Sounds like the parents are just letting the child do whatever he wants like a wild animal. Better instill Harry's code before he turns into a serial killer.

Dexter watched his mother get chopped up, I doubt this kid had similar experiences. Remember, Dexter didnt want to kill, he HAD to. And he hated himself a little each time.
 
I have a 5 yr old boy. he loves to wrestle and is pretty rough. he played with my dad (68) but even he understood that my dad is not as strong or able to take the rough stuff. Also no jumping on people when asleep..

Yes i do find what OP mentioned troubling. sounds like the boy needs a stern hand. not spanking (maybe though) but having someone sit him down when he starts to get out of control.

I would keep a eye on him when around the baby. sounds like the child does not have any boundaries so does not care what happens.
 
Let me guess, they are the type of parents that think hitting their child isn't necessary.

Kid just needs a belt to his ass every now and then.
 
A similar thing happened to some friends of mine with a neighbor's kid. The neighbor's kid started violently squeezing my friend's pet until it squealed in pain. He also had killed a rabbit and buried it. Interestingly, my friend, who is a licensed psychoterapist, indicated that the rabbit thing might not be a concern, but once they start delighting in inflicting pain on pets, that is a barrier that warrants concern. That kid is also about 6. They stopped permitting the neighbor's kid to be in their house unsupervised or to play with their own kids unsupervised.
 
Some people are defective, and just "bad". That kid is one of them. He wouldn't be allowed anywhere near me, or my property. He'll be in jail, or shot before he hits 20.
 
I would agree with this, except that I think a lot of it comes from parental reinforcement. My 4 year old son chases our cat and would try to do things like pull her tail when he was younger, but we stepped in and corrected that behavior. If we hadn't, I don't see how he would know what was appropriate or inappropriate.

Based on what you've described, I'm leaning towards lack of parenting as well. Hopefully if your family makes a united attempt to enforce some sort of consequence on the parents (excluding them, confronting them, etc.), they'll get the message and try to remedy the situation.

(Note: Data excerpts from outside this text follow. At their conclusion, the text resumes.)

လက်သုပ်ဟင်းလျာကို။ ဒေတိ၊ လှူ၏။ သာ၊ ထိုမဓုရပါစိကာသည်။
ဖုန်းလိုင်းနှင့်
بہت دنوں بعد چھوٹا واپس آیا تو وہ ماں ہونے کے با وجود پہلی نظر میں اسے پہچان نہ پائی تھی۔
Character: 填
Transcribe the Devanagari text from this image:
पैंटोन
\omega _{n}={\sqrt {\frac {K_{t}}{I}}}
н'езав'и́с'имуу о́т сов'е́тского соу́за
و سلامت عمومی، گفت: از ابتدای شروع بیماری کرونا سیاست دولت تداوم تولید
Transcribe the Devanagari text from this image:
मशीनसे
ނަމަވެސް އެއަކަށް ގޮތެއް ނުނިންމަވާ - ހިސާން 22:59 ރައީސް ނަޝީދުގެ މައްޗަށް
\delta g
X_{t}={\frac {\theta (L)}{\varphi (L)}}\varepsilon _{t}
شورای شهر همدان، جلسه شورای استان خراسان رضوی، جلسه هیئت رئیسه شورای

well, that's what I'm saying. There is no reason that a 6 year-old should be behave that way, because it is a parent's responsibility to quash those tendencies. If left unsupervised and neglected, the 6 year-old would very much tend towards that more violent behavior.

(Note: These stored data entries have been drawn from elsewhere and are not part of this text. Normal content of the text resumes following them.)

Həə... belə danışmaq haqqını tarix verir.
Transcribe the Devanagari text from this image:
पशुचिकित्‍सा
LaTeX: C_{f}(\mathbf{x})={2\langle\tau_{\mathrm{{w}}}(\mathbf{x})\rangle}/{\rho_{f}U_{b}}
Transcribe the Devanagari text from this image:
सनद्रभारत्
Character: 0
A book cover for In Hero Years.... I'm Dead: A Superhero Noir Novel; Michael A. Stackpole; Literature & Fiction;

It is not "normal" for a 6 year-old to behave that way, because it is expected that parents are involved in the life of a child.
 
Hmmmm.. I actually considered it but rarely like to get involved with other people's issues.

Oh yeah, he has a 3 year old sister and sprayed her face down with Lysol for shits and giggles. Typing all of this makes it absurdly clear that he has issues with women, though I never made that connection before...Though my cat's a boy.. There goes my theory!

The kid is delighting in inflicting pain on others. Something needs to be done immediately - bad parenting or otherwise, it doesn't matter. His 3 year old sister has probably gotten more poor treatment than just the Lysol to the face, which is why she's so quiet and reserved. That girl is going to end up with life-long injuries and/or traumas if something isn't done immediately, and passive-aggressive "We aren't going to Mom and Dad's for Christmas if they are coming" is doing nothing.

Grow a pair and lay it out for the bad parents. There is more at stake than theft and animal abuse. It's not your place to question parenting, but it is your place to protect an innocent little girl from a shithole brother whose parents refuse to parent.
 
You people must be pretty misinformed about dexter. Dexter is not really a psychopath, he's a fictional superhero. No, your batshit crazy relative is not noble, he's just batshit crazy.
 
You people must be pretty misinformed about dexter. Dexter is not really a psychopath, he's a fictional superhero. No, your batshit crazy relative is not noble, he's just batshit crazy.

Its a common element. We all know Dexter. We can all understand. Just like when people reference Romeo & Juliet instead of talking about couples we know.
 
You people must be pretty misinformed about dexter. Dexter is not really a psychopath, he's a fictional superhero. No, your batshit crazy relative is not noble, he's just batshit crazy.

Dexter is not a superhero and his character is definitely psychotic. I would never classify him as noble. He is fictional, though... you got that part right!
 
There is nothing wrong with cutting out the bad parts of your family.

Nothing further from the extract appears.